Los pioneros cubanos, en cambio, nunca más vieron los sabrosos masarreales ni el refresco de piña en horario de merienda. Tomaban la leche aguada y se empujaban un repugnante almuerzo de arroz salpicado de gorgojos, frijoles como balines de bicicleta, y aquel fish steak que no tenía mal sabor; pero de vez en cuando traía una cucarachita dentro.
La asistencia brindada a las víctimas de Chernóbil fue tan incongruente con la crisis que atravesó Cuba en esa época, que solo puede explicarse, más allá de la propaganda política sobre el asunto de la gratuidad y la vocación humanitaria, como un acto de locura; o un intento desesperado por acicalar la imagen de la revolución que se caía a pedazos. Cualquiera de las dos opciones, vale precisar, fue en detrimento de la población cubana.

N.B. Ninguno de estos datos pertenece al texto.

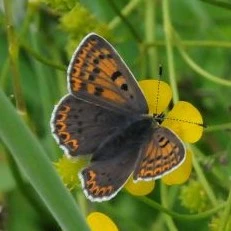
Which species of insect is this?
Lycaena tityrus (also Loweia tityrus)
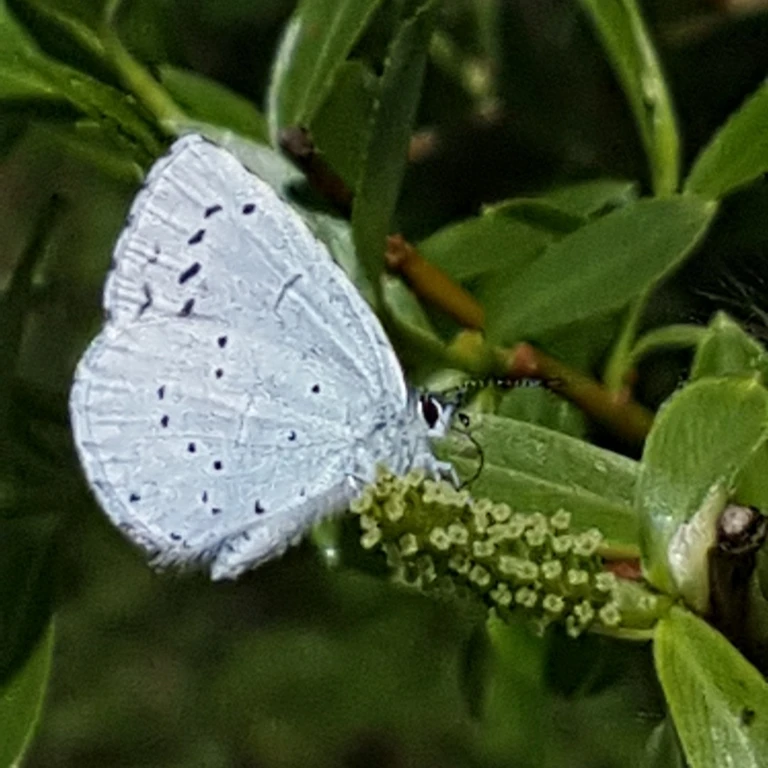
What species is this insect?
Celastrina argiolus
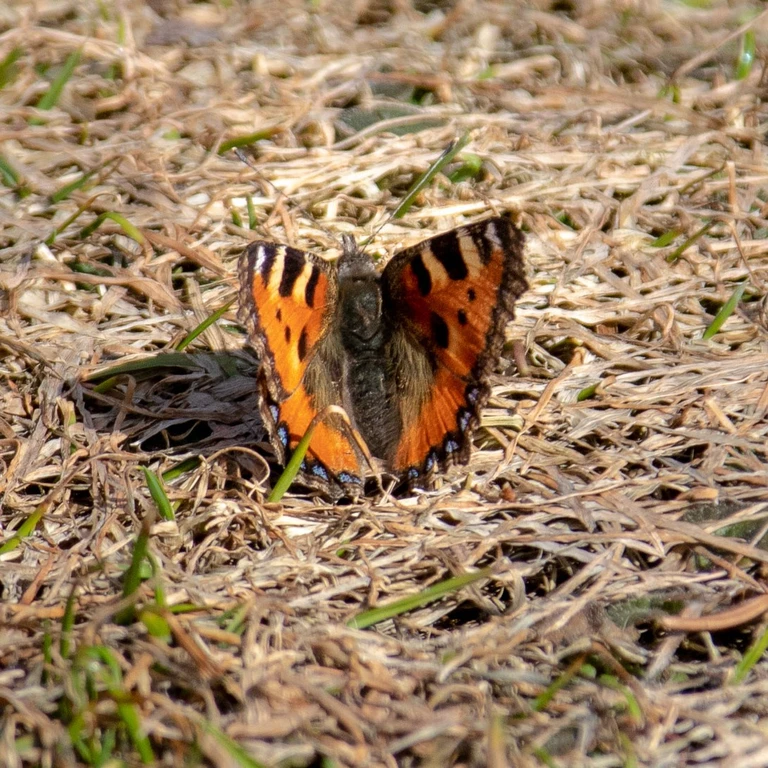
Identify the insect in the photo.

En ese sentido, “Documentos extraviados…” no fue un proyecto baladí; aunque la muestra, en tanto hecho estético, no tuvo nada de especial. Su objetivo fue alabar la “generosidad” de Fidel Castro, quien dispuso a su antojo de los recursos del pueblo; y dar a entender de forma sutil que por muy espectacular que haya sido la serie de HBO, no se puede hablar de Chernóbil sin referirse también a Cuba.
Hay, no obstante, una frase puntual que se ajusta a cada plan delirante acometido por el régimen. Particularmente sobre la historia de la entrañable Ciudad Tarará, la documentación en vídeo explica que habiendo sido un balneario de la alta sociedad durante el período republicano, fue transformada por el gobierno revolucionario en recinto para el disfrute de los pioneros cubanos, que jamás regresaron allí tras la llegada de los niños de Chernóbil.
Siguiendo la historia hasta el presente, aparecen imágenes del deplorable estado de Tarará y la intención de convertirla nuevamente en balneario para turistas. “Todo lo que tuvo que pasar para que todo siga igual”, es la frase ecuménica y un tanto irónica, que encierra el costo real de aquella solidaridad suicida que pasó a la historia como “un acto de buena voluntad de parte de un líder de gran corazón”.